Zion Williamson: 15.14
R.J. Barret: 15.88
Ja Morant: 17.18
Rui Hachimura: 7.62
Brandon Clarke: 10.58


As we can see, there are some big differences between our classifier versus the sci-kit learn classifier. Choose wisely!

## Classification Results

We measured the performance of our classifiers with its average error. To compute this, we took the absolute value of the difference between the predicted NBA points per game of a player and their actual NBA points per game. According to this measure, our best classifier was the sci-kit learn kNN classifier, with an average error of 3.15 ppg. The rest of the classifiers we used had fairly similar performance with the sci-kit learn regression classifier having an average error of 3.72 ppg, our self made kNN returning an average error of 3.72 ppg, and our self made ensemble kNN outputting an average error of 4.16 ppg. In assessing our self made kNN classifiers, it appears that they struggled to make accurate predictions for outliers, because both have much better median error than average error. 
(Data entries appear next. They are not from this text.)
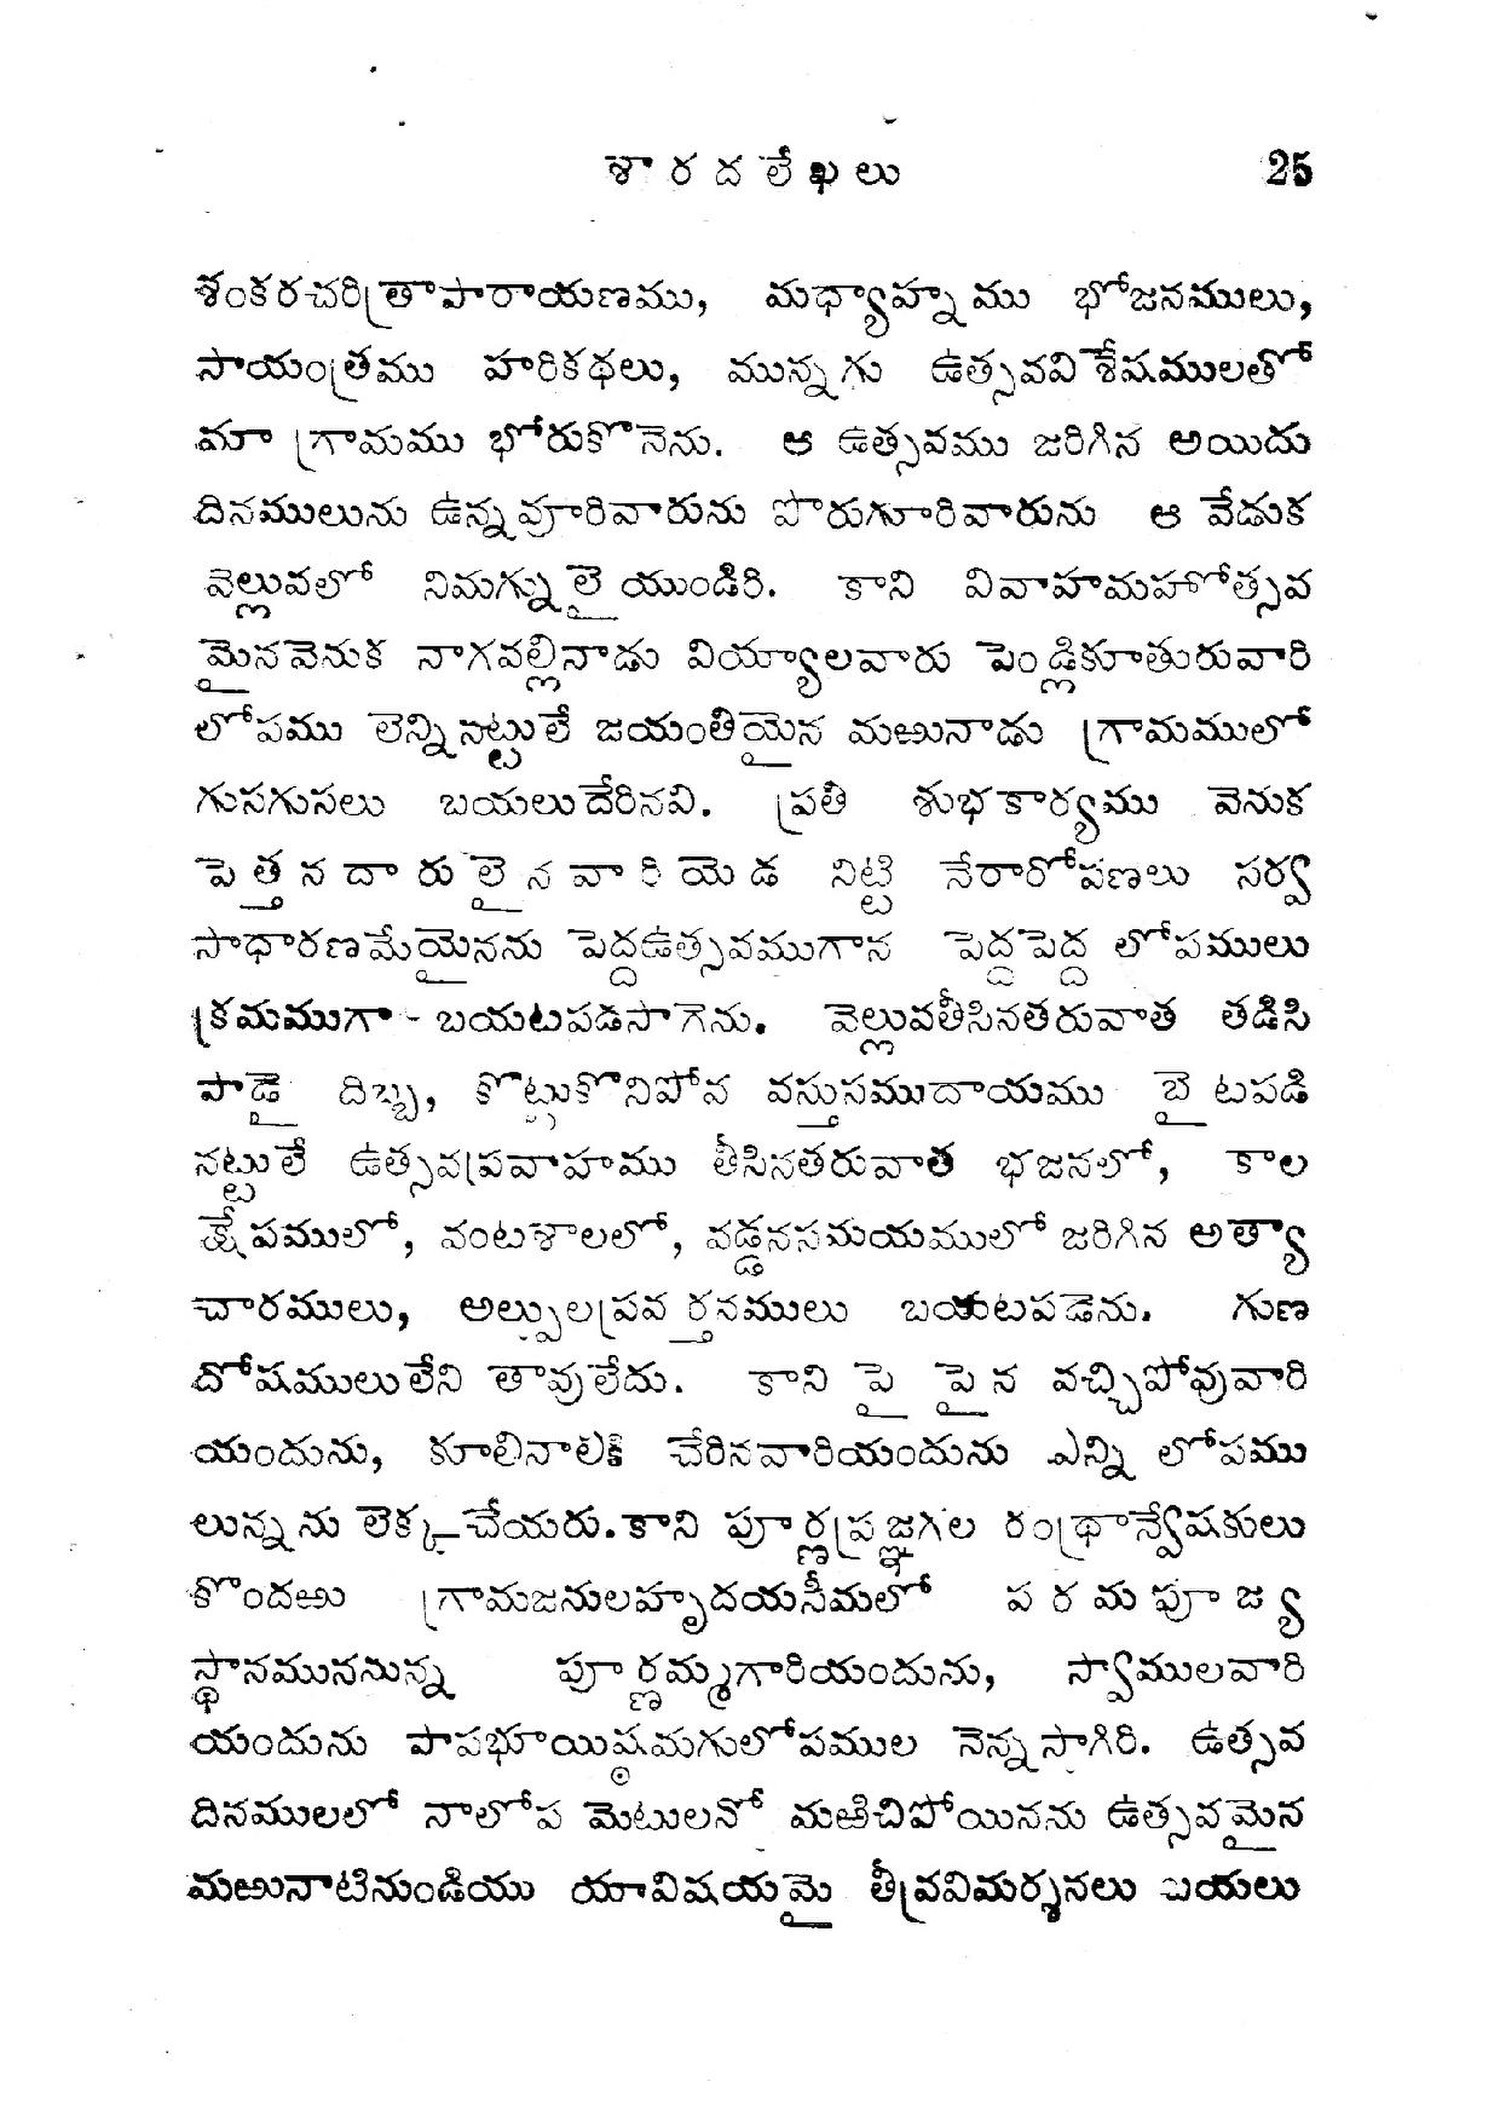శంకరచరిత్రాపారాయణము, మధ్యాహ్నము భోజనములు,
సాయంత్రము హరికథలు, మున్నగు ఉత్సవవి శేషములతో
మా గ్రామము భోరుకొనెను.ఆ ఉత్సవము జరిగిన అయిదు
దినములును ఉన్న వూరివారును పొరుగూరివారునుఆ వేడుక 
వెల్లువలో నిమగ్నులై యుండిరి. కాని వివాహమహోత్సవ
మైన వెనుక నాగవల్లినాడు వియ్యాలవారు పెండ్లికూతురువారి
లోపము లెన్నినట్టులే జయంతియైన మఱునాడు గ్రామములో
గుసగుసలు బయలు దేరినవి. ప్రతి శుభకార్యము వెనుక
పెత్తనదారులైనవారి యెడ నిట్టి నేరారోపణలు సర్వ
సాధారణమేయైనను 'పెద్ద ఉత్సవముగాన పెద్ద పెద్ద లోపములు
క్రమముగా బయటపడసాగెను. వెల్లువ తీసినతరువాత తడిసి 
పాడై దిబ్బ, కొట్టుకొనిపోవ వస్తుసముదాయము బైటపడి
నట్టులే ఉత్సవప్రవాహము తీసినతరువాత భజనలో, కాల
క్షేపములో, వంటశాలలో, వడ్డనసమయములో జరిగిన అత్యా
చారములు, అల్పుల ప్రవర్తనములు బయటపడెను. గుణ
దోషములు లేని తావు లేదు. కాని పై పైన వచ్చి పోవువారి
యందును, కూలినాలికి చేరినవారియందును ఎన్ని లోపము
లున్నను లెక్క చేయరు. కాని పూర్ణప్రజ్ఞగల రంధ్రాన్వేషకులు 
కొందఱు గ్రామజనులహృదయసీమలో పరమపూజ్య
స్థానముననున్న పూర్ణమ్మగారియందును, స్వాములవారి
యందును పాపభూయిష్ఠమగులోపముల నెన్న సాగిరి. ఉత్సవ
దినములలో నాలోప మెటులనో మఱిచిపోయినను ఉత్సవమైన
మఱునాటినుండియు యా విషయమై తీవ్రవిమర్శనలు బయలు

In addition, our kNN predictor with all 9 attributes performed meaningfully better than our ensemble predictor despite the inclusion of several noisy attributes. This is likely because our ensemble kNN classifier selects attributes randomly, likely increasing the effects of noisy attributes when they are selected. Overall, all of our classifiers performed better than expected given the large amount of variance in our data set. Any classifier that can consistently predict the scoring output of an NBA prospect within a range of 3 to 4 ppg is a very useful tool for draft analysts and scouts.

# Conclusion


Through our exploration of classifiers and comparison with sci-kit learn we found that KNN is the best, and that the sci-kit learn was about a point closer on average. The hardest part of this project was dealing with finding and cleaning the data, this was due to the fact that the data for college stats wasn't easily available so we had to get the data one row at a time. There was also some cases when college stats didn't make sense (such as players who don't have college stats) which we had to clean out of our data set. I believe that KNN was a good approach to this problem due to the fact of looking at players that are similar usually provides decent results. For ways to help with performance, we could looked a little bit more specifically at the correlation coefficient and chose ones that only showed good correlation.